═════ RECORDS PROVIDED ═════

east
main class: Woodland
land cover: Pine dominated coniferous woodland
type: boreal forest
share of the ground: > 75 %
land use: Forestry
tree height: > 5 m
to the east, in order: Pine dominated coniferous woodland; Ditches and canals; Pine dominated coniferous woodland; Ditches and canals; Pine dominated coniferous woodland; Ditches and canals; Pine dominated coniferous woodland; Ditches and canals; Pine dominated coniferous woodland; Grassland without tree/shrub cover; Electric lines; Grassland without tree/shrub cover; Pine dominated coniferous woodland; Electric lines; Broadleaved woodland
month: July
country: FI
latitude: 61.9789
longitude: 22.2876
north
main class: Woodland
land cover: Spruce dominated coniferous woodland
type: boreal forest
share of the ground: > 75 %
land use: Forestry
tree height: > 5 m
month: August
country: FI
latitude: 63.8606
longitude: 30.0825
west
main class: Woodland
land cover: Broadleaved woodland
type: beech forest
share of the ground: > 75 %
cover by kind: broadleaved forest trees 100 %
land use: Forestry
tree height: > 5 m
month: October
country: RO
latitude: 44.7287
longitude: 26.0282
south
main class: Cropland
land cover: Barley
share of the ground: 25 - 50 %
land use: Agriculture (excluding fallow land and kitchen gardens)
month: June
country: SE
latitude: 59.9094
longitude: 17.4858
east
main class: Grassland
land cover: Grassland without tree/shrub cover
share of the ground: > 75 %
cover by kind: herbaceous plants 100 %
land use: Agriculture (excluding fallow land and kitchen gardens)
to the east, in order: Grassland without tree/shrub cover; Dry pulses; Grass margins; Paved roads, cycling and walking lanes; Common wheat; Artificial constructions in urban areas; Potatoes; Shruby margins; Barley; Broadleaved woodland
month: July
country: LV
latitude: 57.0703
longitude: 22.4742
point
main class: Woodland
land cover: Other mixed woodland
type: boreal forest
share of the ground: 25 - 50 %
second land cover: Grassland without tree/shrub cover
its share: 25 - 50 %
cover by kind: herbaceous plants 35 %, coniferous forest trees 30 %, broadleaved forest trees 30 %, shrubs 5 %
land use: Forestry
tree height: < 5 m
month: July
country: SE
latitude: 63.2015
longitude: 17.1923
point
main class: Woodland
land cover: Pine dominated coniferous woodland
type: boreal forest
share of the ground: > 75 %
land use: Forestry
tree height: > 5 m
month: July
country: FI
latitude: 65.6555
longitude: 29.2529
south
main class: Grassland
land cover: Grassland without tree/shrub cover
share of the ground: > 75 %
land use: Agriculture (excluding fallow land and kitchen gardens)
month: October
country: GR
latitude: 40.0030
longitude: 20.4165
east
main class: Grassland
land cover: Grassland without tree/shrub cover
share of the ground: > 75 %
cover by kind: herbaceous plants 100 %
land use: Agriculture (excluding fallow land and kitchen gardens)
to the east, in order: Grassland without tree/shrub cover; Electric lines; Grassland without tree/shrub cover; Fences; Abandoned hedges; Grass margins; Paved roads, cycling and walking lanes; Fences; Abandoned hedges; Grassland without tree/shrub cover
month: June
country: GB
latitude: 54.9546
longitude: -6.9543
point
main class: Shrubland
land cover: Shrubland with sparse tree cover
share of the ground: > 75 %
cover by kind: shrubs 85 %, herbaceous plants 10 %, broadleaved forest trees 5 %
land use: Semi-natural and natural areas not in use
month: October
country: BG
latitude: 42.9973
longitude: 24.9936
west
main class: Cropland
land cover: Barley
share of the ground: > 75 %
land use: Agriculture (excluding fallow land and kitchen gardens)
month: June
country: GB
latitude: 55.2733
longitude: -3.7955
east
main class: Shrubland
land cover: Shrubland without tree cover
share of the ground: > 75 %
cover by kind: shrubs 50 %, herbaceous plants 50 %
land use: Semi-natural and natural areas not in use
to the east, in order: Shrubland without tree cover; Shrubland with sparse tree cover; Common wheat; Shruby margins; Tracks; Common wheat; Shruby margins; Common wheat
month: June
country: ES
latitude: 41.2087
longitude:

═════

**AIM OF THE TASK:** Each line of the data above containing the string "shrubs" is to be copied.

**EXPECTED ANSWER:**
cover by kind: herbaceous plants 35 %, coniferous forest trees 30 %, broadleaved forest trees 30 %, shrubs 5 %
cover by kind: shrubs 85 %, herbaceous plants 10 %, broadleaved forest trees 5 %
cover by kind: shrubs 50 %, herbaceous plants 50 %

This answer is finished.